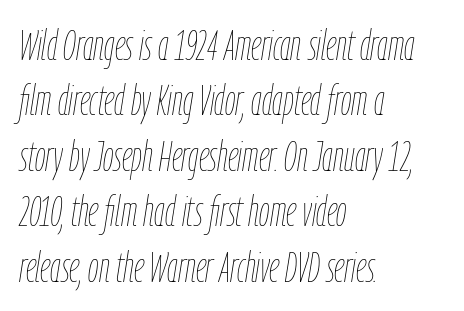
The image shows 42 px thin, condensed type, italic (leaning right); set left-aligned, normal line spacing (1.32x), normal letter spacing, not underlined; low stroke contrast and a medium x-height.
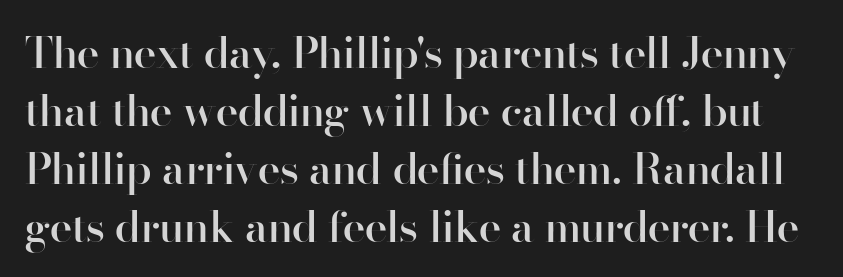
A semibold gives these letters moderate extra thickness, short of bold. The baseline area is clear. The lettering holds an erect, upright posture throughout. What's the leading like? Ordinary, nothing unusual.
...
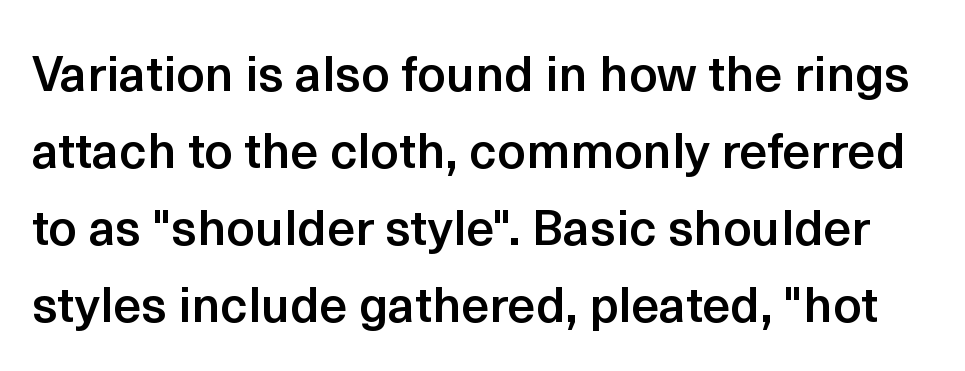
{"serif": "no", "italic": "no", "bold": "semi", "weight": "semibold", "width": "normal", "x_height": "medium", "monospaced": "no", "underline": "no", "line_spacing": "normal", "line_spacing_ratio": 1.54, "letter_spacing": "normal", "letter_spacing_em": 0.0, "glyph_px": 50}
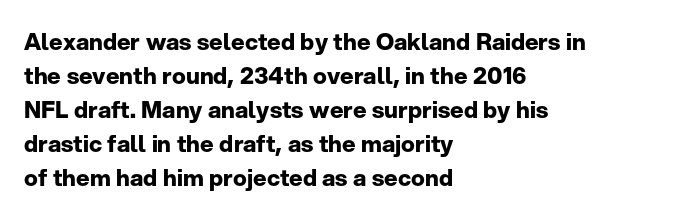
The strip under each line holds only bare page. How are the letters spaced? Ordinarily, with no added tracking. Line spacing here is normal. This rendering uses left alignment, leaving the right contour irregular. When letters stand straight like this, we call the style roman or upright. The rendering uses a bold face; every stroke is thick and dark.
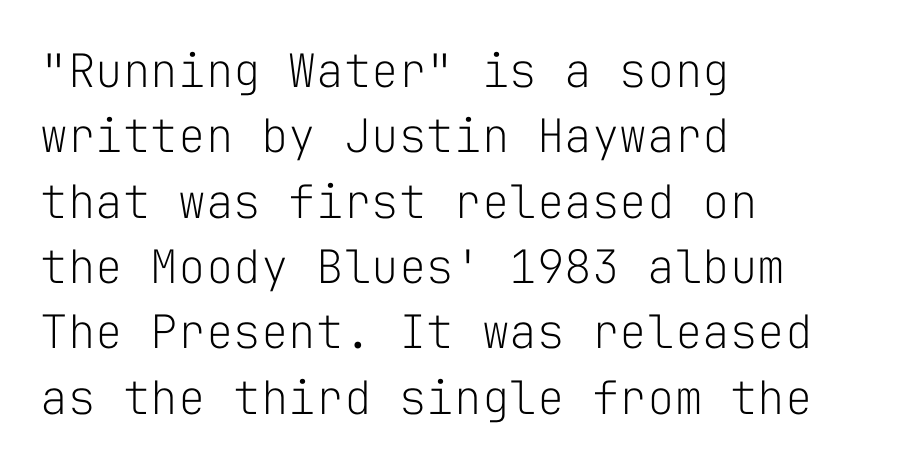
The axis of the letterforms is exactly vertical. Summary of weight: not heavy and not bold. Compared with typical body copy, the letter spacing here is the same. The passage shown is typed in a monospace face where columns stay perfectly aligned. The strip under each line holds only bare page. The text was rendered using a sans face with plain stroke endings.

» **Directions for this task**
Only the lines of the listing above from the one with "The strip under each line holds only bare page. How" through the one with "The axis of" should be output, exactly, with both ends kept and pictures left out.

» **Result below**
The strip under each line holds only bare page. How are the letters spaced? Ordinarily, with no added tracking. Line spacing here is normal. This rendering uses left alignment, leaving the right contour irregular. When letters stand straight like this, we call the style roman or upright. The rendering uses a bold face; every stroke is thick and dark.
The axis of the letterforms is exactly vertical. Summary of weight: not heavy and not bold. Compared with typical body copy, the letter spacing here is the same. The passage shown is typed in a monospace face where columns stay perfectly aligned. The strip under each line holds only bare page. The text was rendered using a sans face with plain stroke endings.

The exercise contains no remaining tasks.